Low-Dimensional Single-Cation Formamidinium Lead Halide Perovskites (FA(m)(+2)Pb(m)Br(3)(m)(+2)): From Synthesis to Rewritable Phase-Change Memory Film

Abstract

Synthesis of 2D perovskites often demands long and bulky organic spacer cations, but they hamper optoelectronic properties of the resulting 2D perovskites. Novel low-dimensional single-cation perovskites with a general formula of FA(m)(+2)Pb(m)Br(3)(m)(+2) are prepared by using a quenching-assisted solution process, which leads to the wide dimensional control over 1D FA(3)PbBr(5) (m = 1), 2D FA(m)(+2)Pb(m)Br(3)(m)(+2) (m >= 2), and 3D FAPbX(3) (m = infinity) perovskites simply by changing the composition of precursors.
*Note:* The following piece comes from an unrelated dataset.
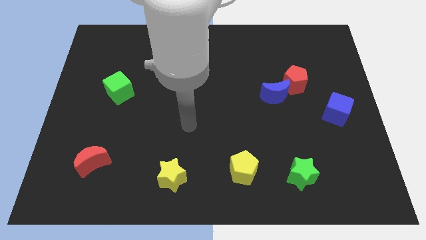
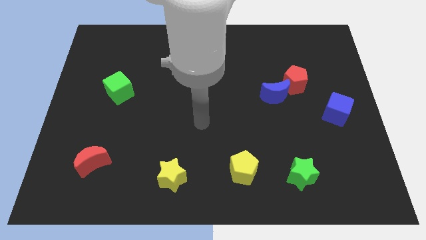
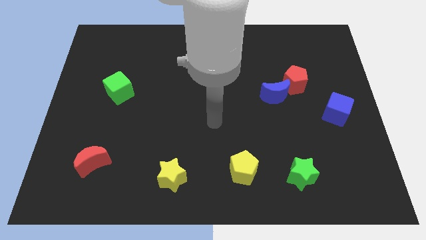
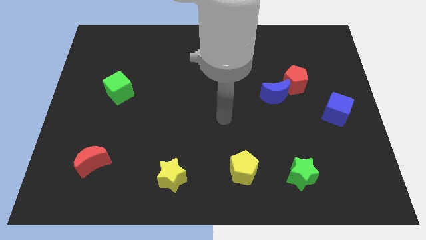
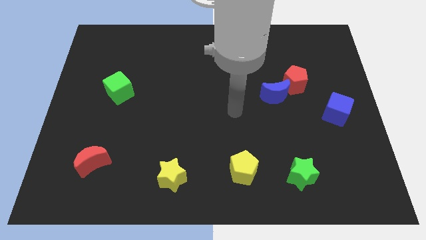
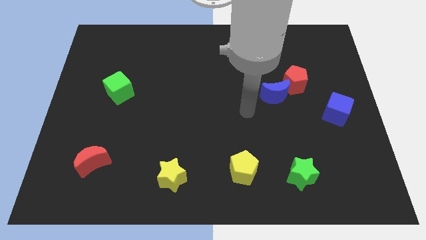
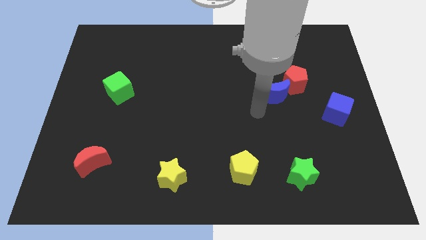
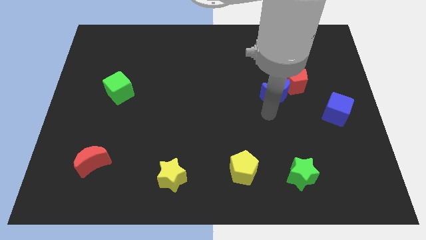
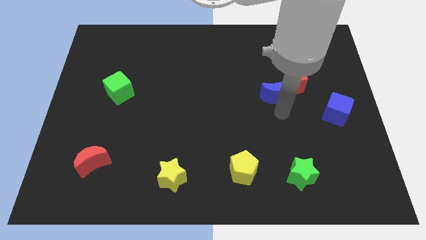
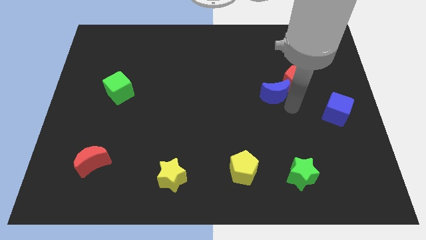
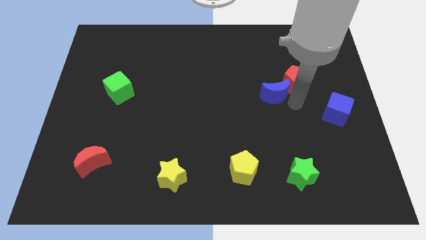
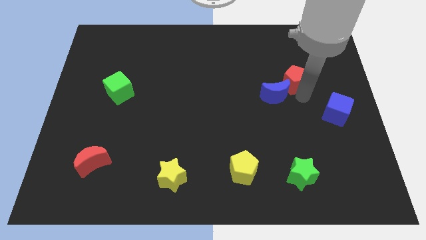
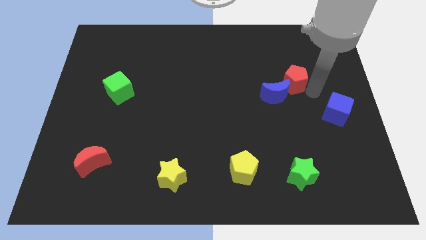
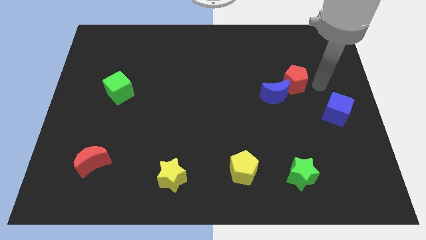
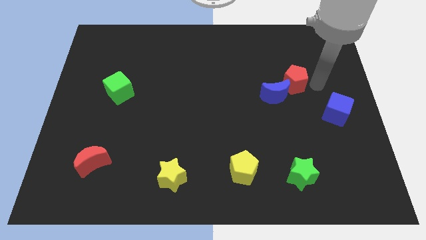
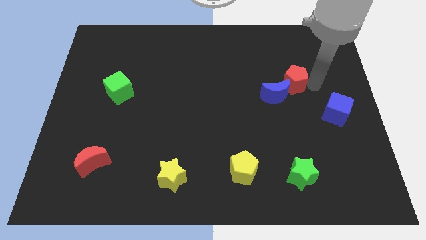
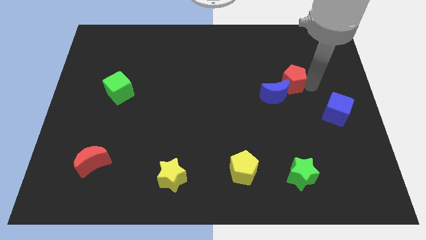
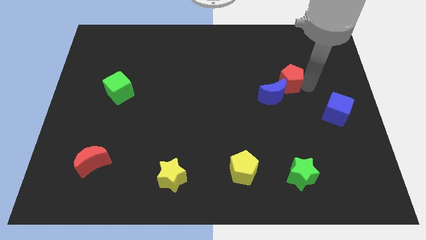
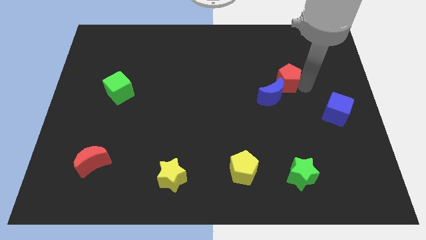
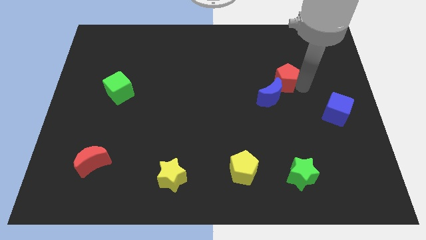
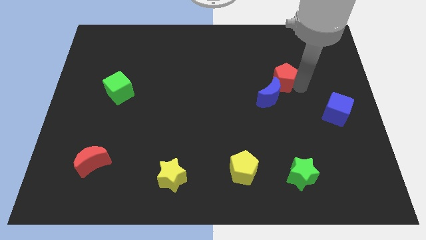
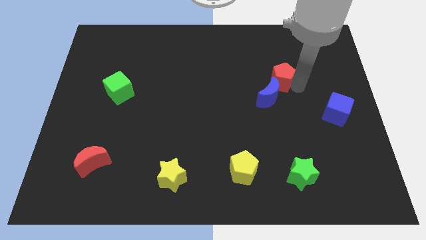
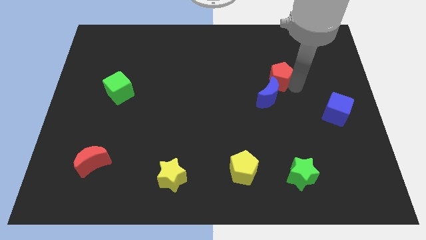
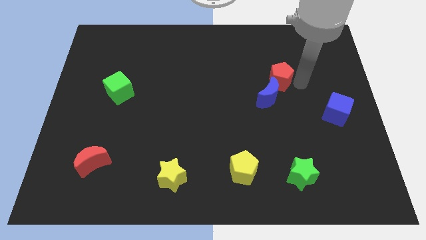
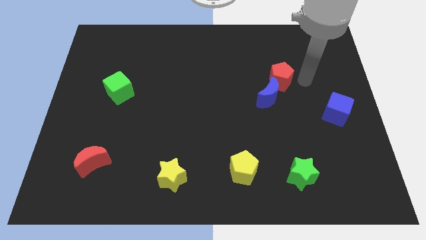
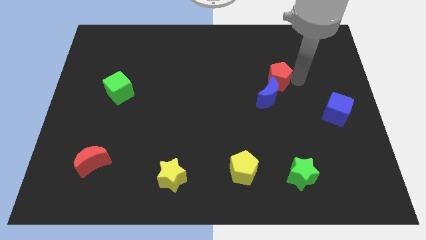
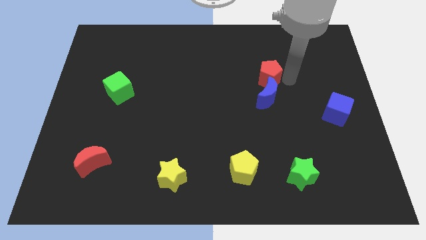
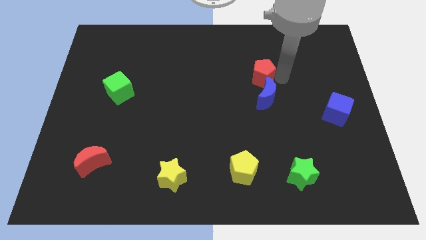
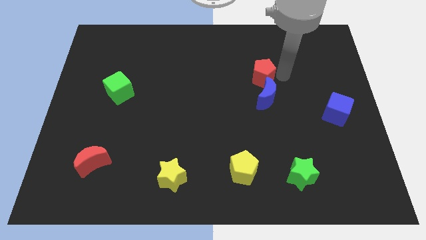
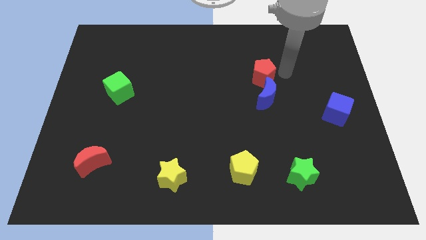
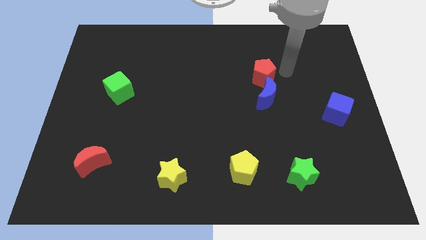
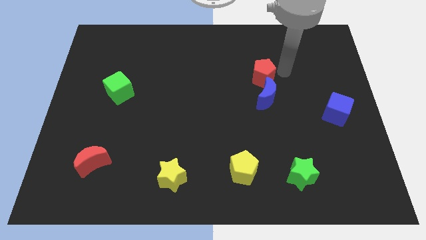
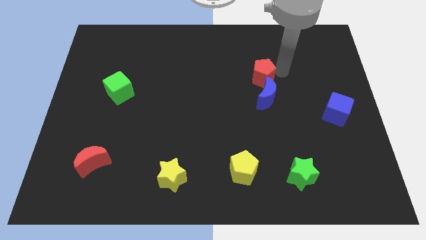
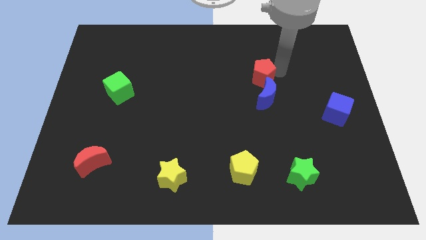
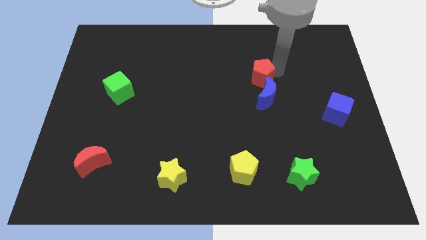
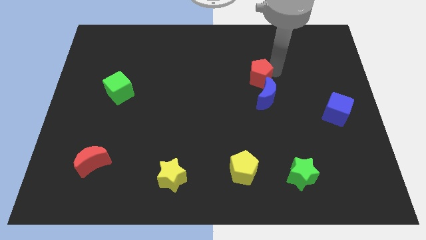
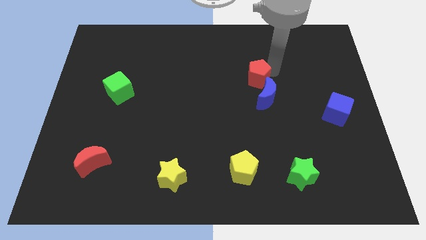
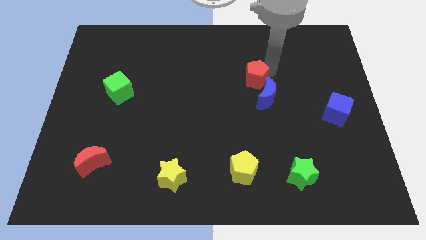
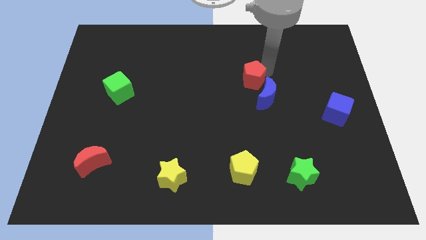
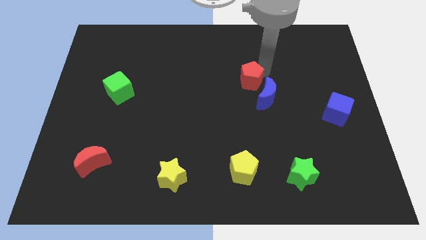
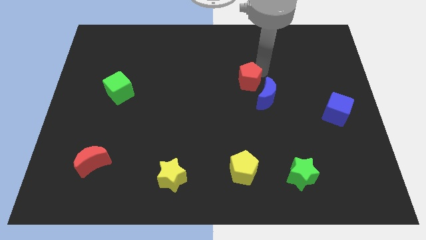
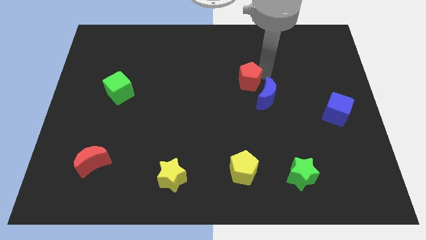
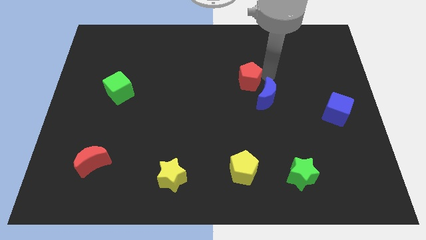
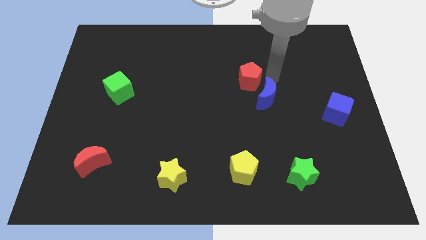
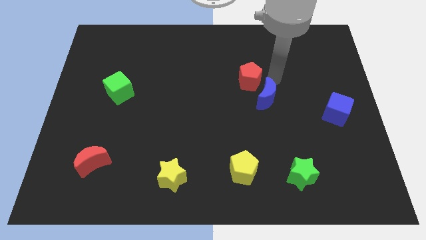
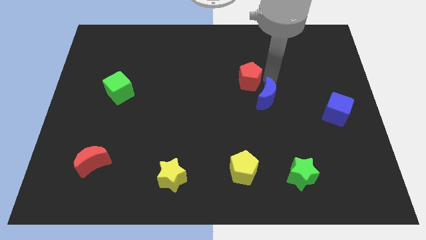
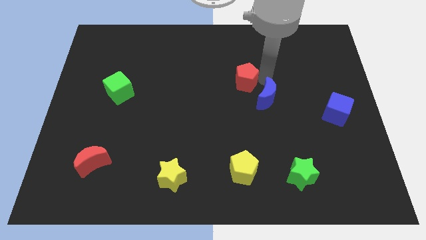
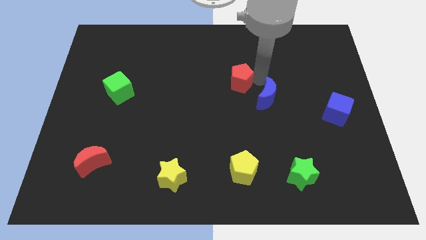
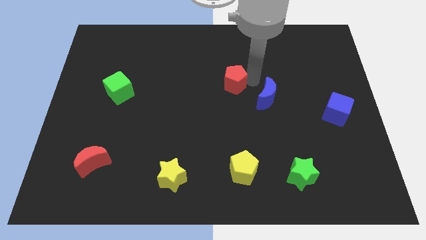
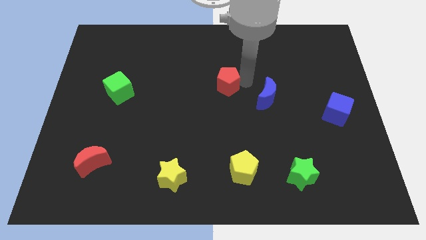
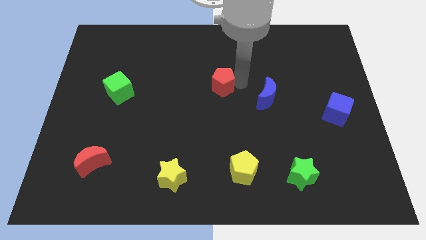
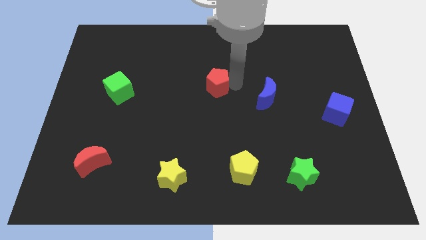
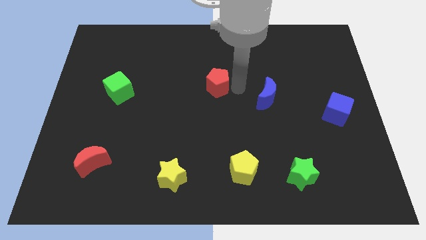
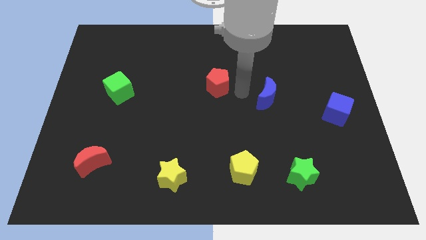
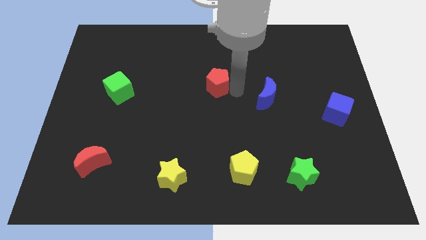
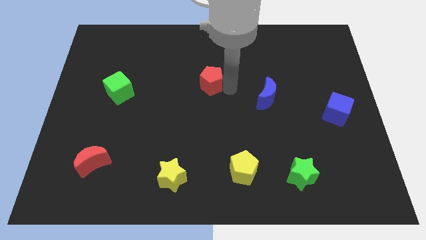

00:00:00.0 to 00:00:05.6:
push the red pentagon left

In this case, formamidinium (FA) acts as both an A-site cation and spacer cation in FA(m)(+2)Pb(m)Br(3)(m)(+2). Unlike conventional 2D perovskites, FA(m)(+2)Pb(m)Br(3)(m)(+2) perovskites have (110) orientation. PVDF (poly(vinylidene fluoride)) preferentially stabilizes the low-dimensional FA(m)(+2)Pb(m)Br(3)(m)(+2) phases, which is utilized to fabricate the stable FA(m)(+2)Pb(m)Br(3)(m)(+2)-PVDF composite films. The phase transitions from 1D and 2D to 3D are investigated in response to various stimuli, including humidity, ultraviolet, oxygen, and solvents, are exploited for rewritable phase-change memory films.